Emily pun langsung buang muka dan tertegun mendengar ucapan sadis Melvin.

Ia tidak tahu Melvin hanya bercanda atau memang sekadar menggeretak, tapi intinya ia jadi makin canggung perkara gugup dan takut.

Keheningan terjalin di dalam mobil itu sampai beberapa menit kemudian. Hingga akhirnya, Emily pun kembali mengingat sesuatu yang pernah diucapkan Heather beberapa waktu lalu soal wanita bernama Cassie.
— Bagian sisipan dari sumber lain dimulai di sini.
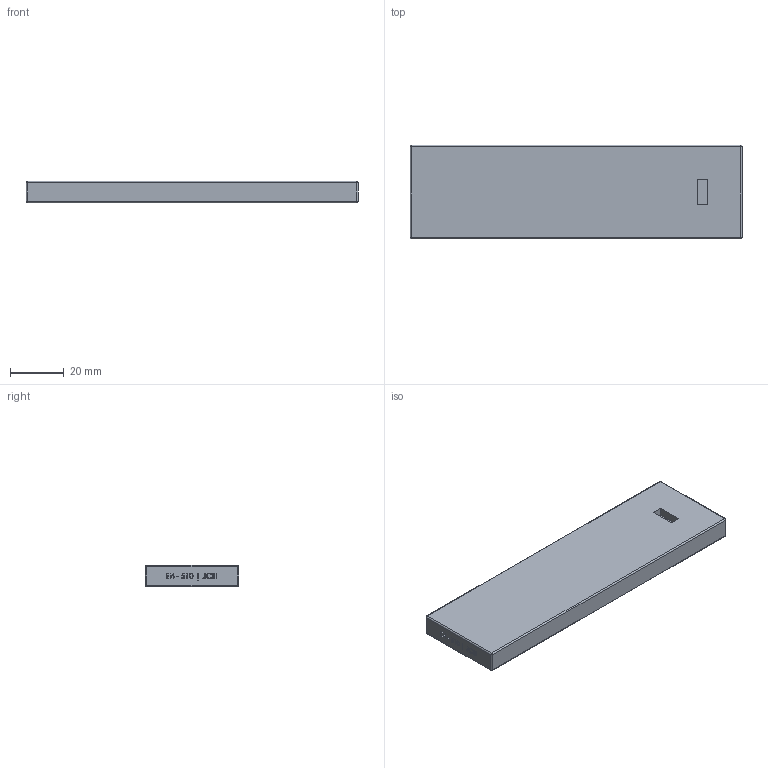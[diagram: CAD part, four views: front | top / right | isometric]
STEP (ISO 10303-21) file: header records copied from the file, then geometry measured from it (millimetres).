
FILE_DESCRIPTION (( 'STEP AP214' ), '1' );
FILE_NAME ('Intel Euclid Battery - Share.STEP', '2022-09-28T00:20:19', ( '' ), ( '' ), 'SwSTEP 2.0', 'SolidWorks 2022', '' );
FILE_SCHEMA (( 'AUTOMOTIVE_DESIGN' ));
Length unit declared in the file: inch
Products named in the file (1): Intel Euclid Battery - Share
Bounding box: 123.83 x 34.92 x 7.94 mm (x, y, z)
Volume: 34168.5 mm3; surface area: 11189.9 mm2
Topology: 1 solids, 1 shells, 139 faces, 350 edges, 220 vertices
Faces by surface type: plane 88, bspline 31, cylinder 12, sphere 8
Entity records: 5982 total; most frequent: CARTESIAN_POINT 2853, ORIENTED_EDGE 684, DIRECTION 522, EDGE_CURVE 342, LINE 256, VECTOR 256, VERTEX_POINT 220, EDGE_LOOP 154

Kemarin ketika ia sedang bersama Heather di kampus, Heather sempat menunjukkan padanya seperti apa sosok Cassie. Dari situ kemudian Emily tahu kalau Cassie adalah mahasiswa semester akhir yang merupakan primadona di jurusan bisnis dan manajemen.

"Aku ... jika kau mengantarku seperti ini ... apakah pacarmu tidak akan marah?" tanya Emily dengan sangat hati-hati dan sedikit ragu.

Pria itu menoleh pada Emily dan menatap wanita itu selama beberapa saat, lalu mengerutkan keningnya dan bertanya, "Memangnya siapa pacarku?"

"Ehm ... Cassie?"

Melvin berdecih pelan dan tersenyum miring. "Bagaimana kau bisa mengira kalau dia pacarku?"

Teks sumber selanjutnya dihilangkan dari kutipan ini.